PROVIDED DATA: Begin
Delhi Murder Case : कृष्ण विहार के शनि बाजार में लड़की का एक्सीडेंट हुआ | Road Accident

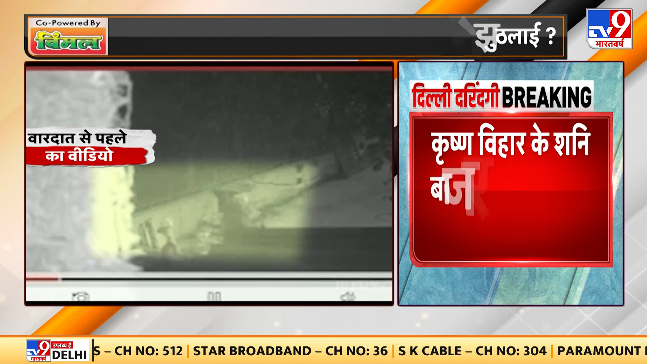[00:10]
कृष्ण विहार के शनी बाजार में लड़की का एक्सिडेंट सूत्रों के वाले से खबर एक्सिडेंट करके आरोपी कंजा
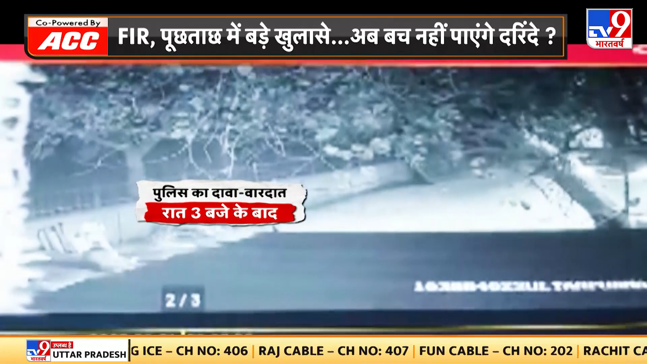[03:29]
ये है घटना का CCTV वीडियो नमबर 3 तारीख एक जनवरी 2023 समय रात के दो बजी कैमरे के फ्रेम में एक बलेनु कार नजर आती है,
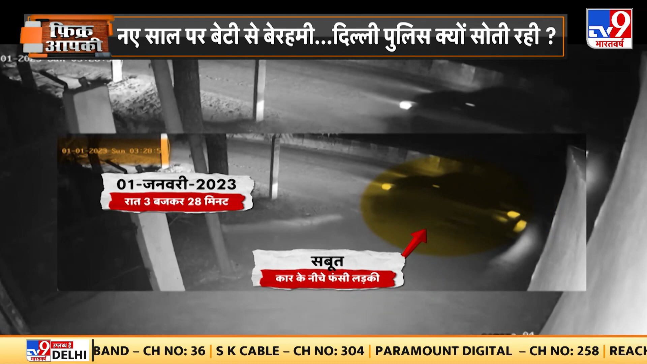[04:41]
अभी इस गटना का पांचवां सीजी टीवी वीडियो सामने आना बाकी है तारीख एक जनवरी 2023 रात तीन बच कर 28 मिनट इसमें भी कार के नीचे वो बॉडी घिसटी हुई नजर आ रही है यानि की सीजी कीवी नंबर चार और पांच के हिसाब से रात के अंधेरे में सुंसान सड़क पर लड़की को कार से खसीरते हुए अब तक खरीब 23 मिनट हो चुके है
PROVIDED DATA: End
BRIEF — Go through the lines above and write each one out verbatim, skipping the pictures.

REPLY —
Delhi Murder Case : कृष्ण विहार के शनि बाजार में लड़की का एक्सीडेंट हुआ | Road Accident

[00:10]
कृष्ण विहार के शनी बाजार में लड़की का एक्सिडेंट सूत्रों के वाले से खबर एक्सिडेंट करके आरोपी कंजा
[03:29]
ये है घटना का CCTV वीडियो नमबर 3 तारीख एक जनवरी 2023 समय रात के दो बजी कैमरे के फ्रेम में एक बलेनु कार नजर आती है,
[04:41]
अभी इस गटना का पांचवां सीजी टीवी वीडियो सामने आना बाकी है तारीख एक जनवरी 2023 रात तीन बच कर 28 मिनट इसमें भी कार के नीचे वो बॉडी घिसटी हुई नजर आ रही है यानि की सीजी कीवी नंबर चार और पांच के हिसाब से रात के अंधेरे में सुंसान सड़क पर लड़की को कार से खसीरते हुए अब तक खरीब 23 मिनट हो चुके है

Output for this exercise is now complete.